Other artists such as Beenie Man commend the work of Emmanuel, but do not necessarily favor the splitting of the Rastafari religion into branches, with lines like, "Now Emmanuel dead, everything tumble down, The Hill divided in a three, separated bu three sons." On the other hand, there is a trend for young Bobo artists to be heroes or defendants of the Bobo Ashanti community. Artists like Capleton remain true to the Bobo Ashanti spirit and make statements like, "We, a di whole a we deh inna Selassie family, but Jah."

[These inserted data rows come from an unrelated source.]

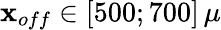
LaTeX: \mathbf{x}_{off}\in[500;700]\, \mu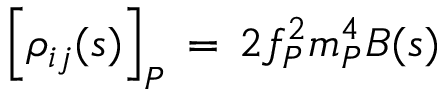
\left[ \rho _ { i j } ( s ) \right] _ { P } \, = \, 2 f _ { P } ^ { 2 } m _ { P } ^ { 4 } B ( s )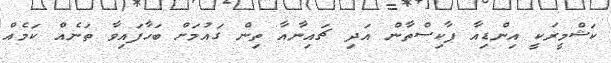
ކަޝްމީރަކީ އިންޑިއާ ޕާކިސްތާން އަދި ޗައިނާއާ ތިން ގައުމަށް ބަހާފައިވާ ތަނެއް ކަމެއް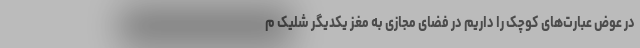
در عوض عبارت‌های کوچک را داریم در فضای مجازی به مغز یکدیگر شلیک م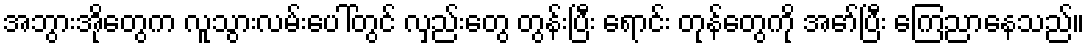
အဘွားအိုတွေက လူသွားလမ်းပေါ်တွင် လှည်းတွေ တွန်းပြီး ရောင်း တုန်တွေကို အော်ပြီး ကြေညာနေသည်။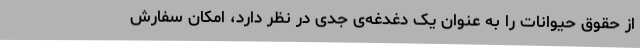
از حقوق حیوانات را به عنوان یک دغدغه‌ی جدی در نظر دارد، امکان سفارش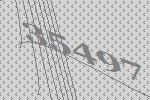
35497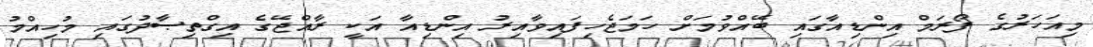
މިއަހަރުގެ ފޯރަމް އިންޑިއާގައި ބޭއްވުމަށް ހަމަޖެހިފައިވާއިރު އިންޑިއާ އަކީ ރާއްޖޭގެ އިގްތިޞާދުގައި މުހިއްމު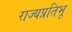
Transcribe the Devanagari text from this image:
राज्यप्रतिभू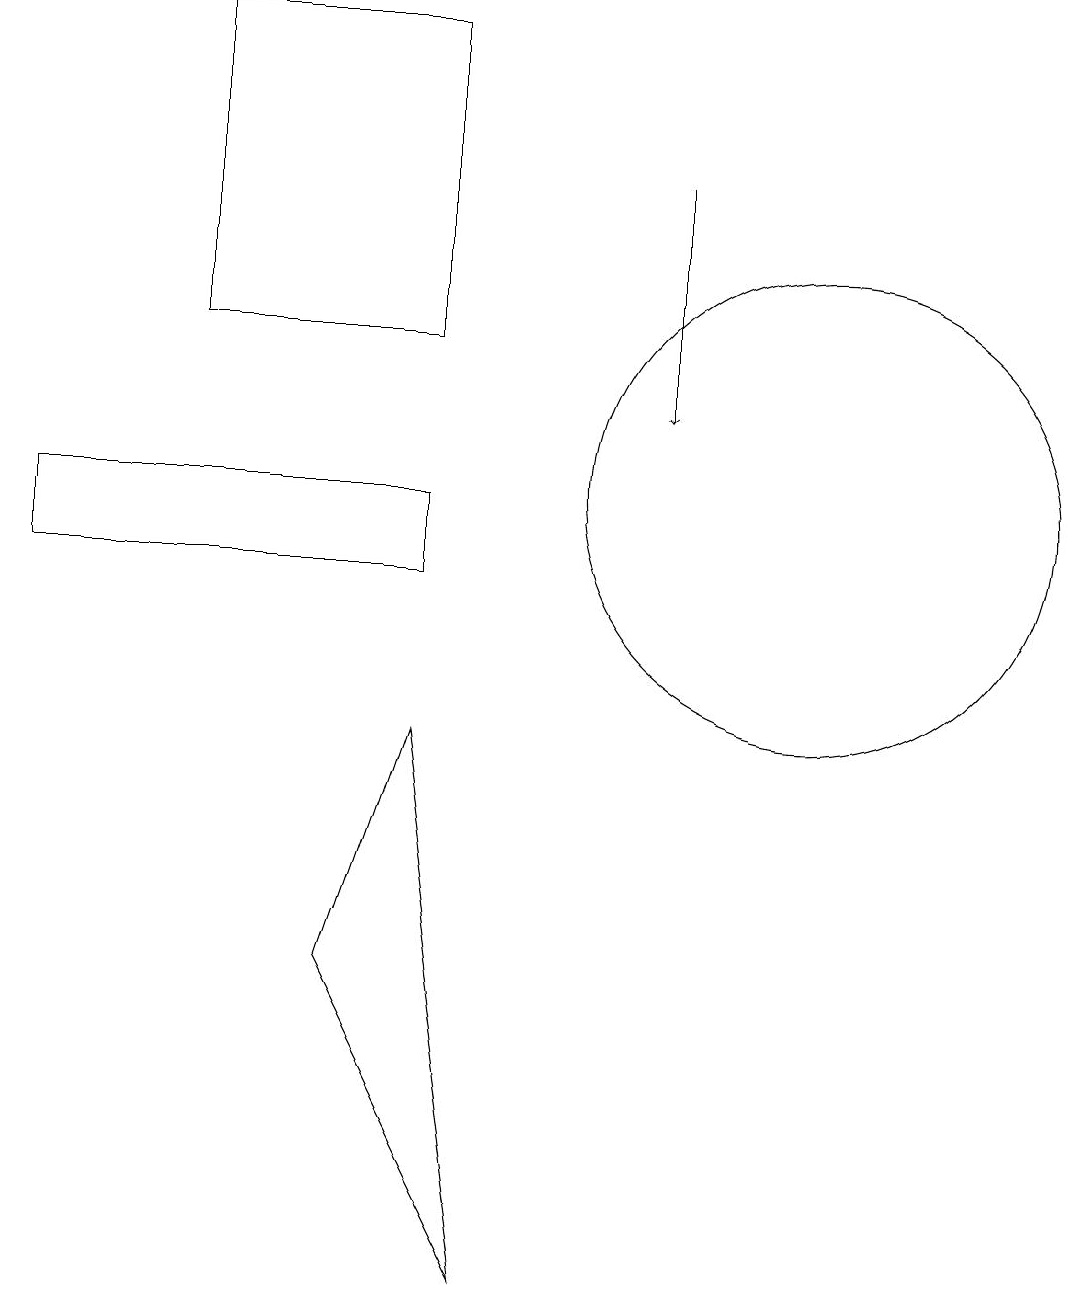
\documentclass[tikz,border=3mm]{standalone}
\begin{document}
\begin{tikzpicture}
\draw (6,2) -- (5,9) -- (4,6) -- cycle;
\draw (0,12) rectangle (5,11);
\draw (2,14) rectangle (5,18);
\draw[->] (8,16) -- (8,13);
\draw (10,12) circle (3);
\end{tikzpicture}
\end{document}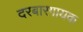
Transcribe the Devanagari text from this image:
दरबारगायक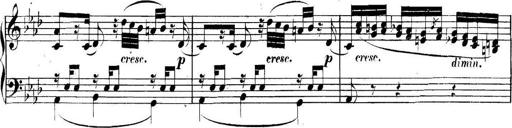
Title: Collected Piano Sonatas
Composer: Muzio Clementi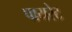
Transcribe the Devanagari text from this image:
पायरेट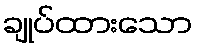
ချုပ်ထားသော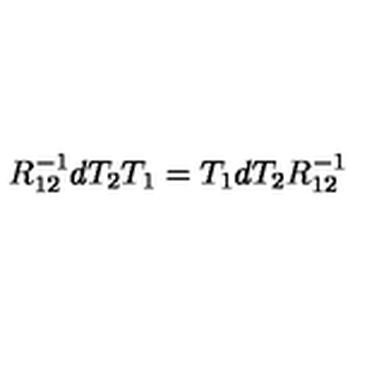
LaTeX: R _ { 1 2 } ^ { - 1 } d T _ { 2 } T _ { 1 } = T _ { 1 } d T _ { 2 } R _ { 1 2 } ^ { - 1 }
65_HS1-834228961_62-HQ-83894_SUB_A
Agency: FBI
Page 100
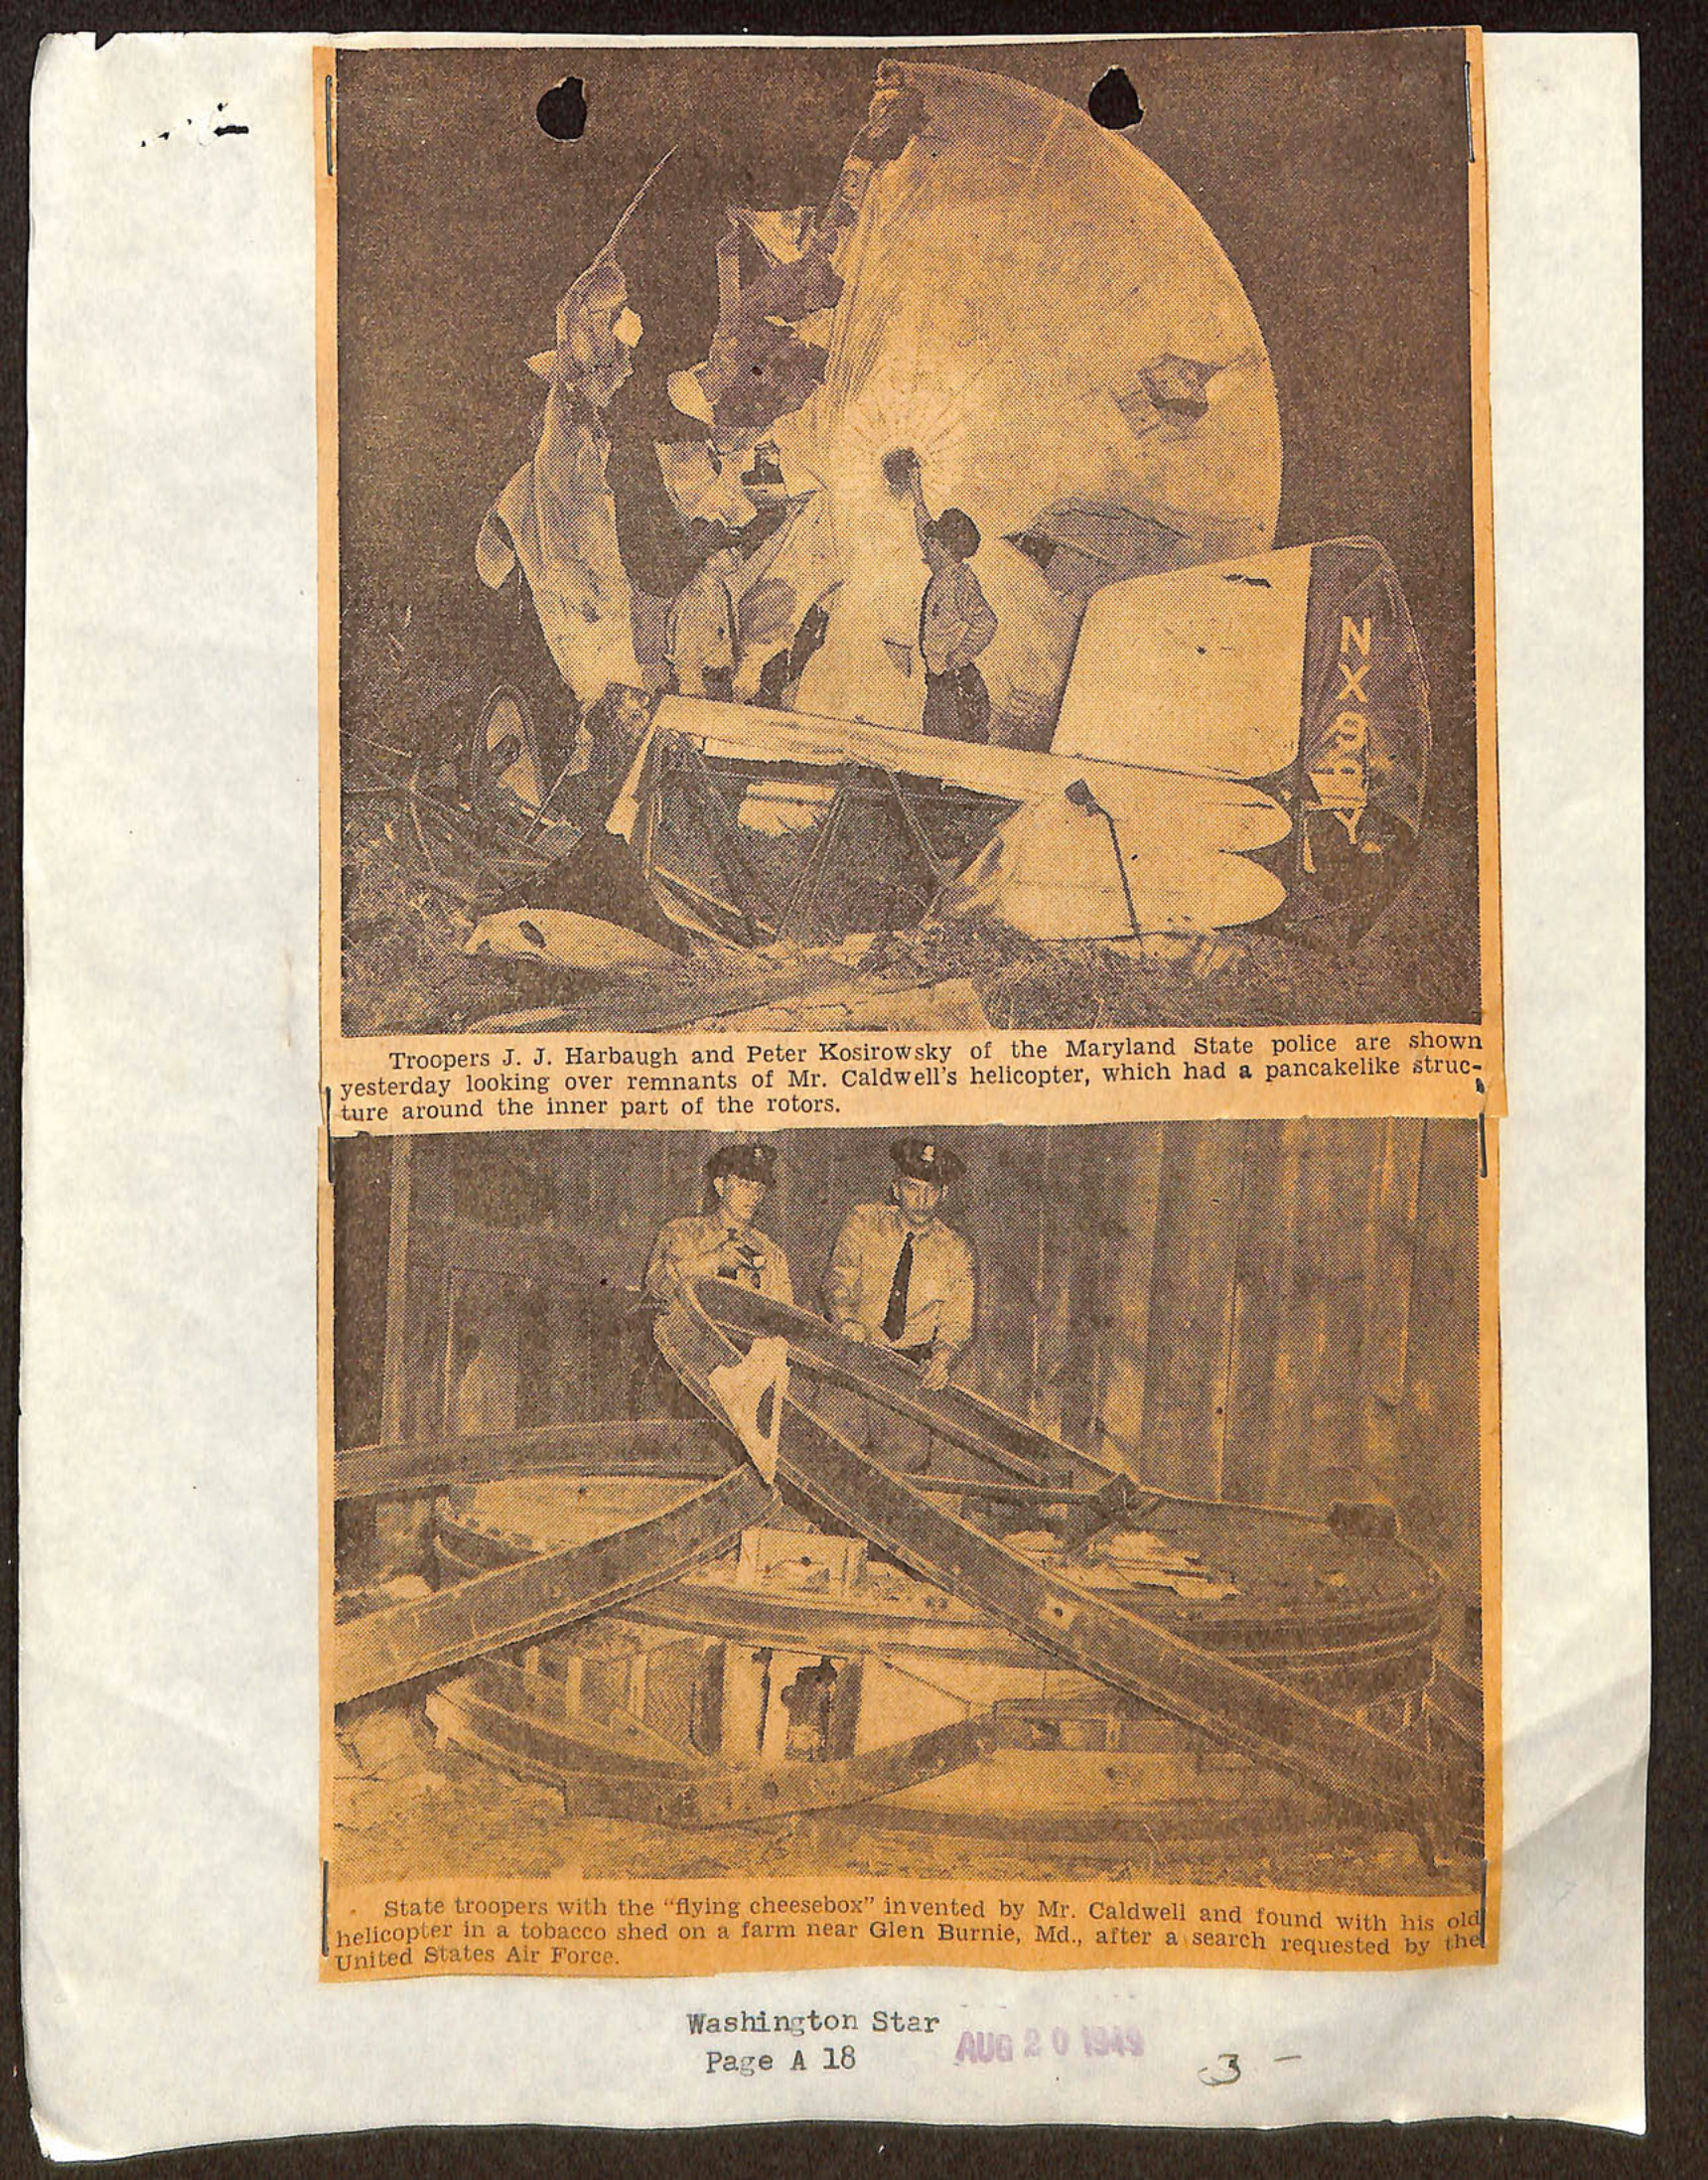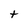
Character: t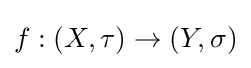
f:(X,\tau )\to (Y,\sigma )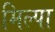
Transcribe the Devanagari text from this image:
मिल्पा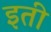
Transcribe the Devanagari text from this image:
इती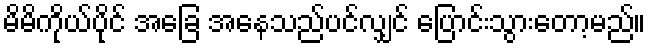
မိမိကိုယ်ပိုင် အခြေ အနေသည်ပင်လျှင် ပြောင်းသွားတော့မည်။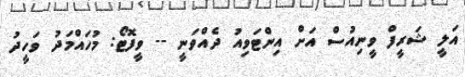
އަލީ ޝަރީފް ވީނިއުސް އަށް އިންޓަވިއު ދެއްވަނީ -- ވީފޮޓޯ: މުހައްމަދު ވަހީދު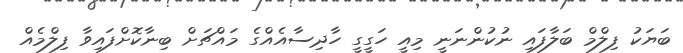
ބަޔަކު ފިލްމް ބަލާފައި ނުކުންނަނީ މިއީ ހަގީގީ ހާދިސާއެއްގެ މައްޗަށް ބިނާކޮށްފައިވާ ފިލްމެއް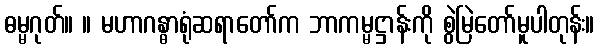
ဓမ္မဂုတ်။ ။ မဟာဂန္ဓာရုံဆရာတော်က ဘာကမ္မဋ္ဌာန်းကို စွဲမြဲတော်မူပါတုန်း။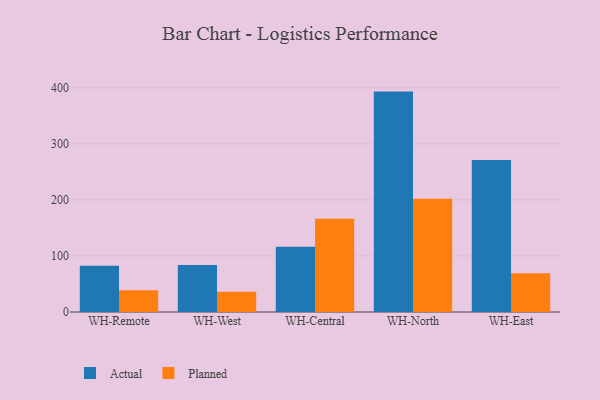
{"axis": {"x": "Warehouse", "y": "Production Output"}, "legend": ["Actual", "Planned"], "data": [{"x": "WH-Remote", "y": 82.4, "type": "Actual"}, {"x": "WH-Remote", "y": 38.9, "type": "Planned"}, {"x": "WH-West", "y": 83.7, "type": "Actual"}, {"x": "WH-West", "y": 36.1, "type": "Planned"}, {"x": "WH-Central", "y": 116.5, "type": "Actual"}, {"x": "WH-Central", "y": 166.4, "type": "Planned"}, {"x": "WH-North", "y": 393.4, "type": "Actual"}, {"x": "WH-North", "y": 202.0, "type": "Planned"}, {"x": "WH-East", "y": 271.4, "type": "Actual"}, {"x": "WH-East", "y": 69.3, "type": "Planned"}]}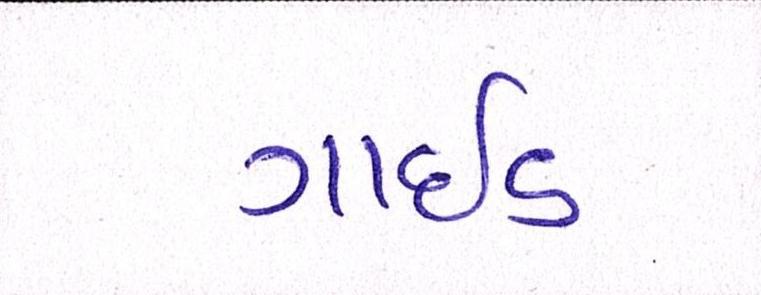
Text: ગાઇડ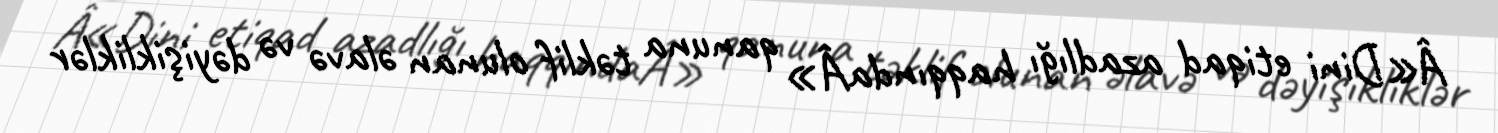
Â«Dini etiqad azadlığı haqqındaÂ» qanuna təklif olunan əlavə və dəyişikliklər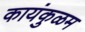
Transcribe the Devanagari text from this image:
कायंकुळम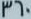
360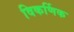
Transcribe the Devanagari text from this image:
विकर्णिक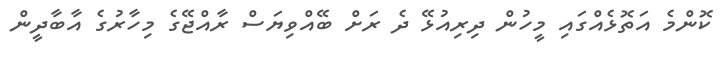
ކޮންމެ އަތޮޅެއްގައި މީހުން ދިރިއުޅޭ ދެ ރަށް ބޭއްވިޔަސް ރާއްޖޭގެ މިހާރުގެ އާބާދީން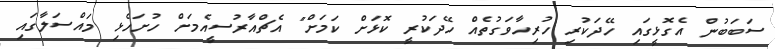
ސަބަބުން އެގޮޅީގައި ހޭދަކުރި ހުރިހާވަގުތެއް ހޭދަކުރީ ކޮޅަށް ކަމަށް" އެޗްއާރުސީއެމަށް ހުށަހެޅި މައްސަލާގައި

The conservative and strict nature of the Bobo Ashanti is sometimes compared to that of Islamic fundamentalism by the Rastas from more moderate and less strict mansions. Artists such as Midnite and Lutan Fyah have even gone as far as to call Bobos "the Jamaican Taliban", as both artists have used the term "Bobo Shanti Taliban" in their music. The metaphor also alludes to the attire and turbans worn by Bobos, even though they are different in color and style. Bobo Ashanti artist Junior Reid expresses these ideas in his music, claiming immigration would ask him questions about where he was at the time of the bombing and people mistaking him for an Arab.